In an embodiment, mapping one transmission block includes mapping of a first channel corresponding to the one transmission block.

The mapping of the first channel corresponding to the one transmission block includes one of: mapping of a physical sidelink control channel (PSCCH) corresponding to the one transmission block; or mapping of a physical sidelink shared channel (PSSCH) corresponding to the one transmission block.

In an embodiment, determining the resource mapping manner for the sidelink communication using the second subcarrier spacing according to the slot aggregation level, the number of first symbols and the first symbol position includes the following.

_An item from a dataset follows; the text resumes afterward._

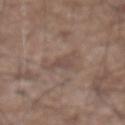{"biopsy_status": "not biopsied; imaged during a skin examination", "patient": {"sex": "male", "age_approx": 75}, "site": "abdomen", "lighting": "white-light", "image": {"source": "total-body photography crop", "field_of_view_mm": 15}, "lesion_size": {"long_diameter_mm_approx": 4.0}}

The number of second symbols and a second symbol position are determined according to the slot aggregation level, the number of first symbols and the first symbol position; and a second channel or a second signal is mapped according to second symbols corresponding to the number of second symbols and the second symbol position.

In the embodiment, after the number of second symbols and the second symbol position are determined, a start symbol position in the second slot is determined according to the second symbol position, and the second channel or the second signal is mapped.

In an embodiment, the second channel or the second signal includes at least one of: a sidelink synchronization signal; a physical sidelink discovery channel (PSDCH); a physical sidelink feedback channel (PSFCH); a sidelink positioning signal; or a sidelink channel state information reference signal (CSI-RS).

In an embodiment, the number of first symbols and the first symbol position include the predefined number of symbols and a predefined symbol position of a second channel under the first subcarrier spacing or the predefined number of symbols and a predefined symbol position of a second signal under the first subcarrier spacing.

In an embodiment, the number of first symbols and the first symbol position include at least one of the following.

For a physical sidelink feedback channel, the number of first symbols is 2, and the first symbol position is calculated or indicated by a configuration parameter; for a sidelink synchronization signal and channel, the number of first symbols is 14, and the first symbol position is the first symbol in the 1st slot; for a sidelink discovery channel, both the number of first symbols and the first symbol position are calculated or indicated by a configuration parameter; for a sidelink positioning signal, both the number of first symbols and the first symbol position are calculated or indicated by a configuration parameter; or for a sidelink channel state information reference signal, both the number of first symbols and the first symbol position are calculated or indicated by a configuration parameter. For a sidelink synchronization signal and channel, the first symbol position may be 0, that is, may be the first symbol in the first slot.